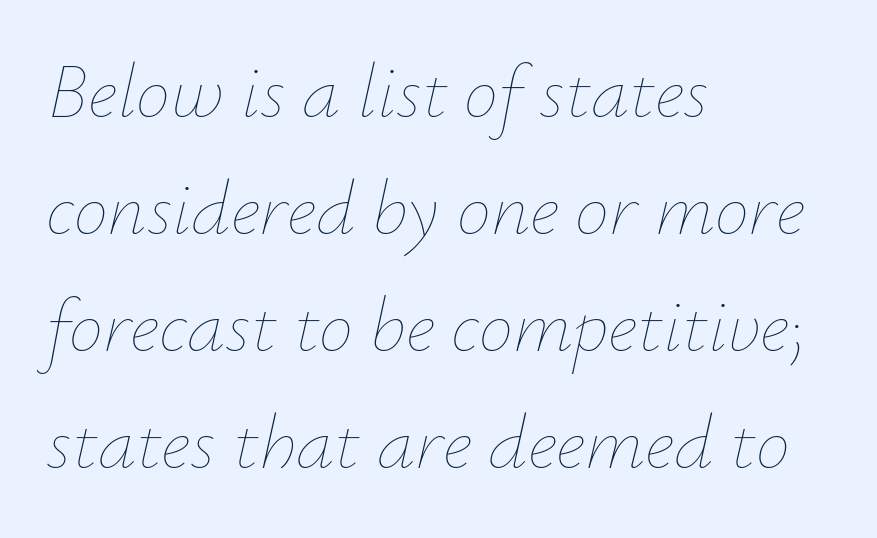
These lines are set flush left with a ragged right edge. Here the designer chose a conventional face with non-uniform glyph widths. The cut favours lightness, reaching ordinary text weight at its darkest. Anything drawn beneath the words? Only blank space.
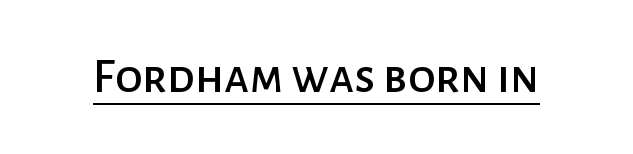
The image shows 49 px sans-serif type, upright; set normal letter spacing, underlined; low stroke contrast and a medium x-height.
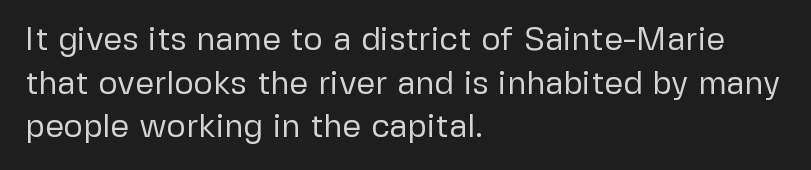
Q: Is the text bold? A: No.
Q: Is the text italic (slanted)? A: No, it is upright.
Q: Is the typeface a serif or a sans-serif typeface? A: Sans-serif.
Q: Is the text underlined? A: No.
Q: How is the paragraph aligned? A: Left-aligned.
Q: Is the spacing between letters normal or unusually wide? A: Normal.
Q: Is the spacing between lines tight, normal or loose? A: Normal.
Q: Width (condensed, normal, or wide)? A: Normal.
Q: Stroke contrast? A: Low.
Q: x-height? A: Medium.
Q: Monospaced? A: No.
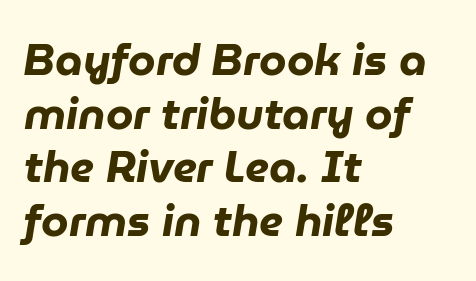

* WORK TO BE COMPLETED: Select every line in the material above where the string "text" occurs, and copy it.

* SOLUTION FOR THIS EXERCISE:
These lines are set flush left with a ragged right edge. Here the designer chose a conventional face with non-uniform glyph widths. The cut favours lightness, reaching ordinary text weight at its darkest. Anything drawn beneath the words? Only blank space.
Q: Is the text bold? A: No.
Q: Is the text italic (slanted)? A: No, it is upright.
Q: Is the text underlined? A: No.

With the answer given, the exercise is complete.